Train to Pakistan by Khushwant Singh
Khushwant Singh humanizes Partition by not going much into its political aspect. It’s a relatively short book where every character has been sketched to bring out the fatal consequences of Partition. Mano Majra, a fictional village, provides the backdrop of this novel. Love transcends religious fanaticism and that’s what this book is all about. No matter how low people stoop, love will incite all the deepest bonds of empathy that lie dormant deep down.
The Other Side of Silence by Urvashi Butalia
About twelve million people were displaced and one million killed. Political moves are often very far removed from what the individuals want, thus reducing the latter to mere pawns in the hands of their government. After a thorough examination of diaries, memoirs, and the like, and after conducting interviews, over a period of ten years, of people whose lives were directly and indirectly affected by Partition, Butalia came up with this book. Collective memory provides a lot of insight to comprehend the convulsion that ensued a carnage, showing the worst side of humanity. Butalia makes space for people who were in the margins of history and breaks the government-induced forced silence that doesn’t let the truth come into limelight.

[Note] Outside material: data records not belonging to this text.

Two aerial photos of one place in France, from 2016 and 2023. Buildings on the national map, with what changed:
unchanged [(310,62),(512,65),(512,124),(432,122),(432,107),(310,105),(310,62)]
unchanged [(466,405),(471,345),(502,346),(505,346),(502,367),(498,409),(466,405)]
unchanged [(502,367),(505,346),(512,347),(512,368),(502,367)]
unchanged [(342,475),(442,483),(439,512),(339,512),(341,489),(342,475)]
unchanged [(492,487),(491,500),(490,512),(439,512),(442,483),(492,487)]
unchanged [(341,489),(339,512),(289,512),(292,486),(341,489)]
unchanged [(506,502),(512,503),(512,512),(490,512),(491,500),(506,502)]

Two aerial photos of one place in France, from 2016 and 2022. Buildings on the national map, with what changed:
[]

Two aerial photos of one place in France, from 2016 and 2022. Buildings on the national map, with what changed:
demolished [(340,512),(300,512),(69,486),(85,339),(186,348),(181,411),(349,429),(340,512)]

Ice Candy Man by Bapsi Sidhwa
Sidhwa’s novel doesn’t just restrict itself to Partition, but covers a lot of themes including child sexuality and objectification of women. Women’s bodies have always been used to mark territories. This story talks about one of the many women who got abducted during Partition. Gender violence has become a major defining fabric of our society and this novel bolsters this very fact. The whole narrative has been framed from the point of view of a Parsee child, Lenny Sethi. Her love for her ‘Ayah’ (maid) structures the entire plot and also shows how important communal fellow feeling is during tumultuous times. Her naiveté will eventually transform into a genuine concern for the people around her, thus in a way making it a coming-of-age novel.
Clear Light of Day by Anita Desai
This novel, consisting of four unnamed parts, shows the partition of a family as a metaphor for the division of a nation. Desai has also talked about women grappling with the question of identity in the post-independence, patriarchal society. She also exposes nationalism’s failure to help the situation of widows. Here, although Partition doesn’t have a direct impact on the lives of the central characters, it leaves its traces by affecting the years that followed. The Partition of Das family was self-inflicted. This was Desai’s way of cleverly hinting at the immeasurable stupidity of human beings to inflict trauma and mishaps on our own kind.

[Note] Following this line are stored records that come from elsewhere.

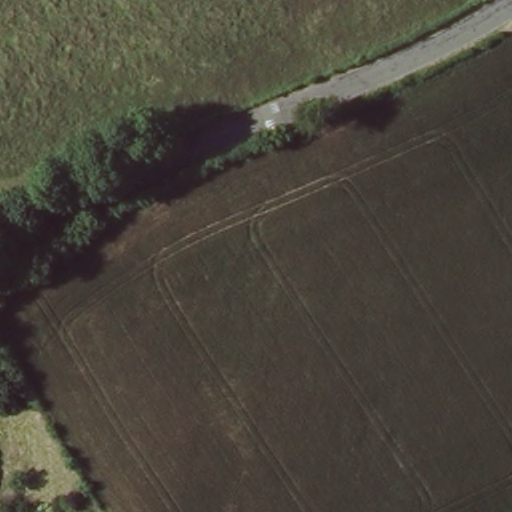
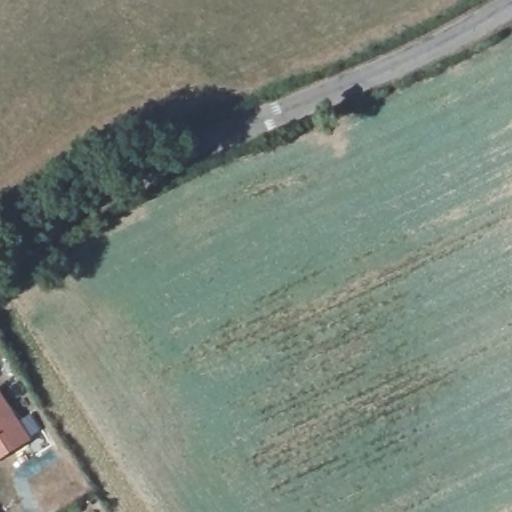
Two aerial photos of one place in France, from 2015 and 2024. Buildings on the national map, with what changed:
new [(32,440),(0,461),(0,391),(32,440)]

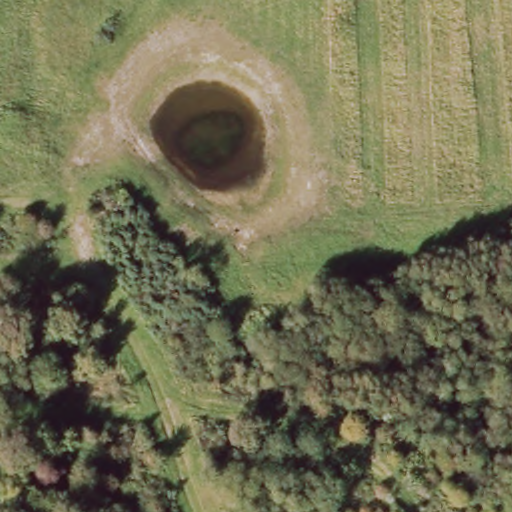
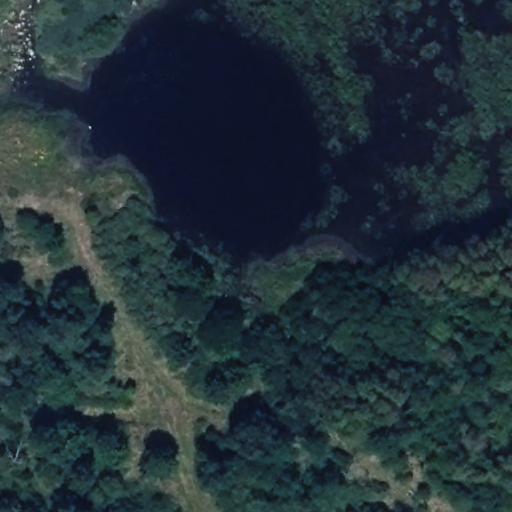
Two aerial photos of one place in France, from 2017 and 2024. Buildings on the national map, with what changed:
unchanged [(49,133),(26,148),(14,129),(35,114),(49,133)]

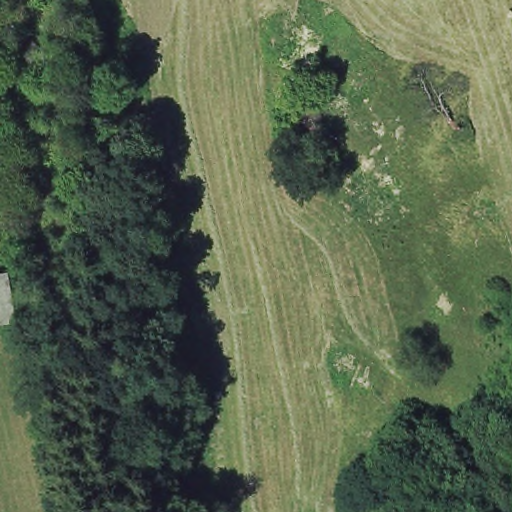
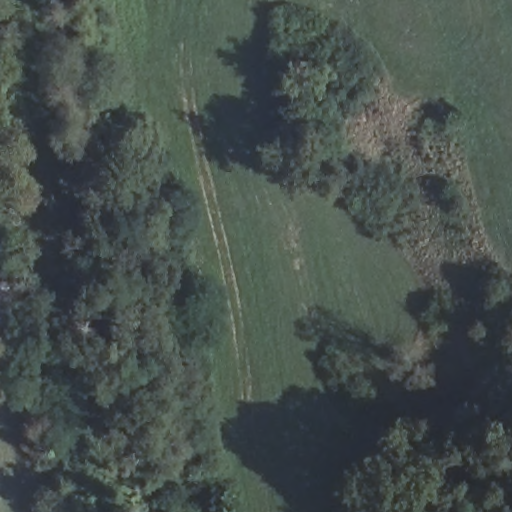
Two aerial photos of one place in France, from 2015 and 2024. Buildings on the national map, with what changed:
unchanged [(14,316),(0,319),(0,279),(6,277),(14,316)]

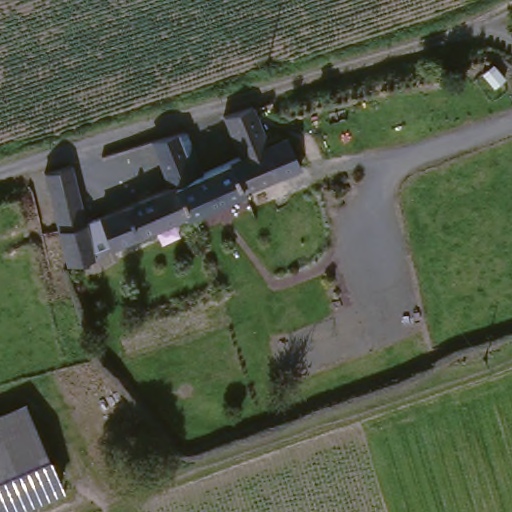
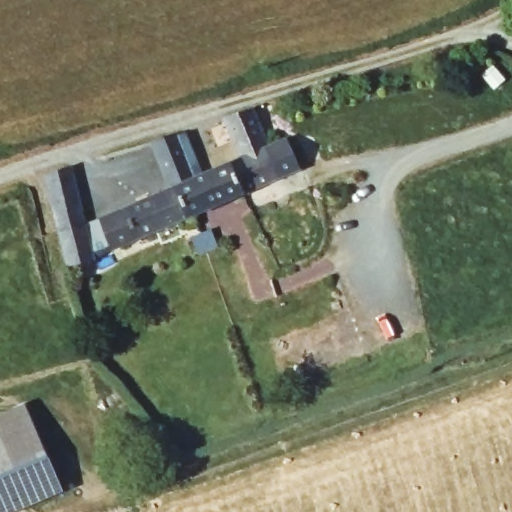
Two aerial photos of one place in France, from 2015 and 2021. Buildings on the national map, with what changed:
unchanged [(283,144),(294,172),(273,182),(183,222),(173,190),(164,194),(146,147),(179,137),(196,180),(236,164),(218,124),(247,114),(252,125),(263,151),(283,144)]
unchanged [(93,261),(69,266),(66,266),(43,174),(71,166),(93,261)]
unchanged [(106,256),(94,225),(164,194),(173,190),(183,222),(106,256)]
unchanged [(4,512),(0,512),(0,415),(23,405),(58,488),(4,512)]

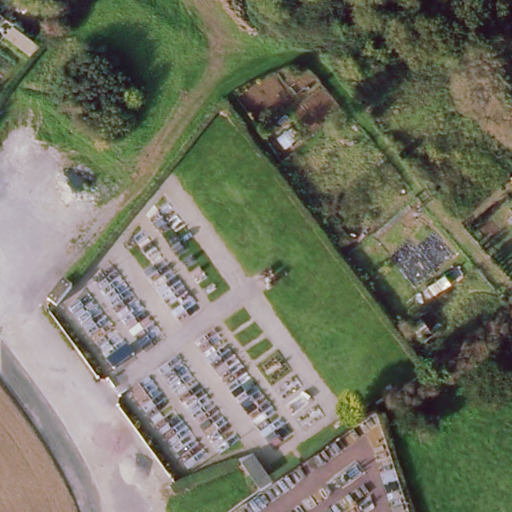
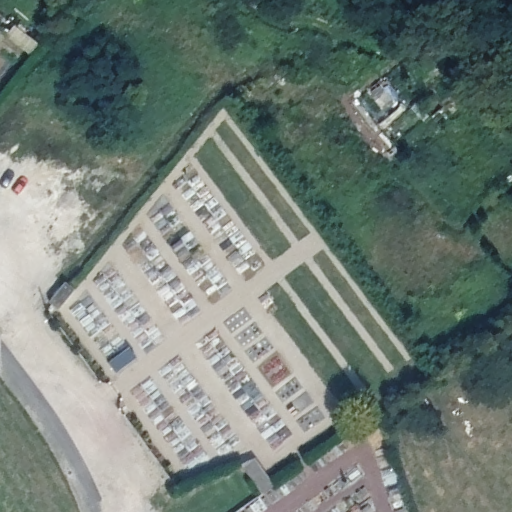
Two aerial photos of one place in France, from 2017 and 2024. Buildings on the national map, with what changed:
unchanged [(261,494),(240,463),(253,457),(273,486),(261,494)]

It is often said that Partition unleashed the inner monsters of human beings. No matter how brutal the bigger power gets, we should always be in touch with our humanity. I personally feel that this notion is a bit too idealistic. One can’t afford to cling to lofty ideas when they are brainwashed into believing that butchering the ‘other’ religious group is the only way to stay alive. Fear triggers survival instinct like nothing else. The government who is supposed to represent and protect the people many a time turns against them. And the saddest part is many parts of the world are still fighting with oppressive administration (India included) and failing miserably. Can we really label a nation as independent when autocracy is practiced under the euphemism of democracy?